A Soluções de Crises Corporativas não tinha exatamente o que se pode chamar de página na internet. Havia um site com esse nome, mas parecia vago, e de propósito. Algumas páginas de detetives particulares mostravam links para a SCC. Que inferno, ele devia ligar para Paul Porter e perguntar se o ex-sogro sabia de alguma coisa. Paul trabalhara vinte anos como advogado criminal antes de vender seu primeiro livro e abandonar a profissão para se tornar escritor de best sellers, cujo personagem principal é um intrépido advogado que desvenda crimes de difícil solução, sem dúvida um reflexo de alguma frustração pessoal. Ainda assim, o homem tinha boas relações na polícia e nas cortes de Chicago, tanto devido aos seus livros quanto ao seu passado profissional, e era provável que tivesse ouvido falar da SCC, e talvez até mesmo de Gavin Murray.
— Não vou dar esse prazer a ele — murmurou Eric. Era exatamente o que Paul gostaria, o genro rebelde chorando por ajuda. O filho da puta chegara a sugerir uma vez que ele e Eric trabalhassem juntos na venda dos direitos de seus romances para o cinema, coisa que ele estava guardando todos esses anos a despeito das ofertas. Eu poderia escrever e você dirigiria, falou Paul. Sim, teria sido uma dupla e tanto.

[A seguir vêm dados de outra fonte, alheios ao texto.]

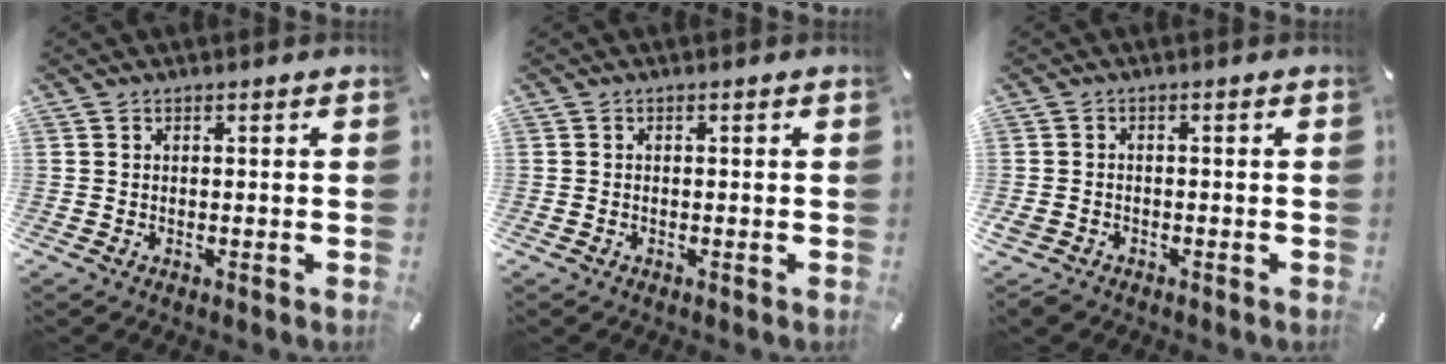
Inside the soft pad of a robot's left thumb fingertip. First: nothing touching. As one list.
[{"total": 0.7, "force": [-0.3, 0.4, 0.4], "torque": [-0.007, 0.000, -0.007]}, {"total": 2.4, "force": [-1.6, 1.5, 0.8], "torque": [-0.028, 0.004, -0.037]}]

Antigamente, Eric até gostava do sogro. Davam-se muito bem quando estavam separados por alguns milhares de quilômetros e a carreira de Eric decolava. Naquela época, Paul demonstrava tanto egocentrismo em relação à sua série de romances de detetive quanto hoje, mas isso não incomodava Eric, talvez porque as coisas estivessem indo bem para ele. Dava-lhe uma certa proteção. Foi somente quando se mudaram para Chicago que Paul começou a pegar no pé dele e as coisas foram de mal a pior. Todas aquelas malditas sugestões, suas ideias, as propostas de roteiros — merda, elas nunca chegaram ao fim.

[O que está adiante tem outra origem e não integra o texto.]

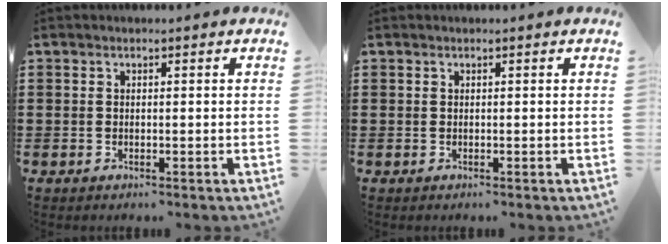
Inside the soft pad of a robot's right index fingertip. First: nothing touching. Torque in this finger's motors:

Fechou o laptop, suspeitando que, se ficasse com os olhos na tela, sua dor de cabeça poderia aumentar. Apagou as luzes e ligou a TV, tentando se distrair da dor. Sobre a mesa, a garrafa de Alyssa Bradford brilhava e suava; e, ao lado, a de Anne McKinney continuava escura e seca.
Deixe-as quietas, disse a si mesmo. Que fiquem ali sem serem tocadas. Sei o que vai acontecer comigo e posso aguentar. De qualquer modo, não beberei a água outra vez.